#### What is needed:
Begin at the line containing "STEP (ISO 10303-21)" and copy each line exactly through the end of the records, leaving out what comes before.

#### Data to examine:
================================

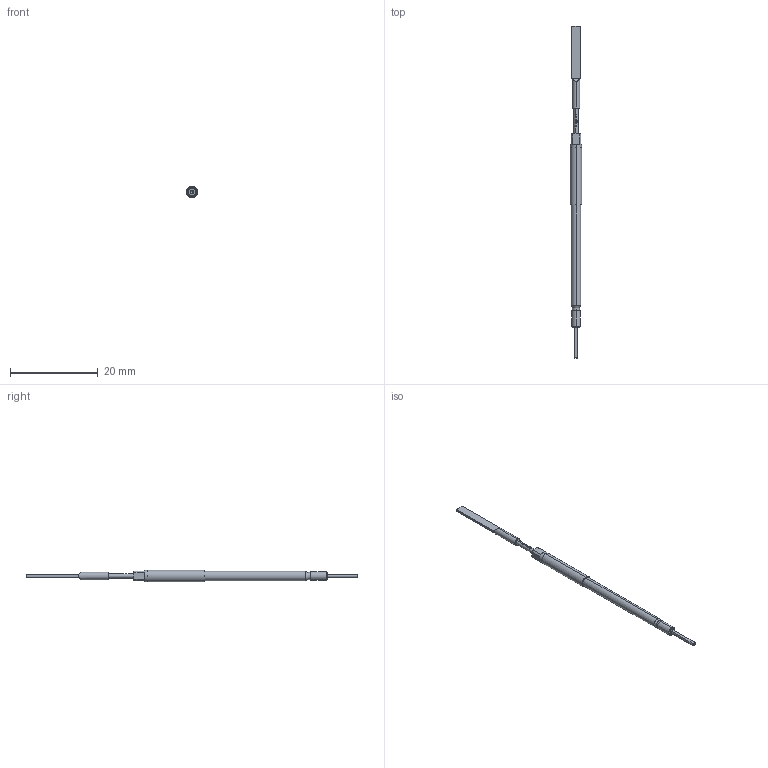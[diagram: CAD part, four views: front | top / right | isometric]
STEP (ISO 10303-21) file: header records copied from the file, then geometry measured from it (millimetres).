
FILE_DESCRIPTION (( 'STEP AP203' ), '1' );
FILE_NAME ('INGUN_VF3-220_190_050_A_465_xx.STEP', '2022-02-22T14:48:29', ( 'ochi' ), ( '' ), 'SwSTEP 2.0', 'SolidWorks 2018', '' );
FILE_SCHEMA (( 'CONFIG_CONTROL_DESIGN' ));
Length unit declared in the file: millimetre
Products named in the file (1): INGUN_VF3-220_190_050_A_465_xx
Bounding box: 2.6 x 75.7 x 2.6 mm (x, y, z)
Volume: 217.5 mm3; surface area: 459.8 mm2
Topology: 1 solids, 1 shells, 125 faces, 337 edges, 217 vertices
Faces by surface type: bspline 55, plane 30, cylinder 28, cone 12
Entity records: 5024 total; most frequent: CARTESIAN_POINT 2379, ORIENTED_EDGE 670, EDGE_CURVE 335, DIRECTION 311, VERTEX_POINT 217, B_SPLINE_CURVE_WITH_KNOTS 212, EDGE_LOOP 130, ADVANCED_FACE 125

================================

#### Exercise solution:
STEP (ISO 10303-21) file: header records copied from the file, then geometry measured from it (millimetres).
FILE_DESCRIPTION (( 'STEP AP203' ), '1' );
FILE_NAME ('INGUN_VF3-220_190_050_A_465_xx.STEP', '2022-02-22T14:48:29', ( 'ochi' ), ( '' ), 'SwSTEP 2.0', 'SolidWorks 2018', '' );
FILE_SCHEMA (( 'CONFIG_CONTROL_DESIGN' ));
Length unit declared in the file: millimetre
Products named in the file (1): INGUN_VF3-220_190_050_A_465_xx
Bounding box: 2.6 x 75.7 x 2.6 mm (x, y, z)
Volume: 217.5 mm3; surface area: 459.8 mm2
Topology: 1 solids, 1 shells, 125 faces, 337 edges, 217 vertices
Faces by surface type: bspline 55, plane 30, cylinder 28, cone 12
Entity records: 5024 total; most frequent: CARTESIAN_POINT 2379, ORIENTED_EDGE 670, EDGE_CURVE 335, DIRECTION 311, VERTEX_POINT 217, B_SPLINE_CURVE_WITH_KNOTS 212, EDGE_LOOP 130, ADVANCED_FACE 125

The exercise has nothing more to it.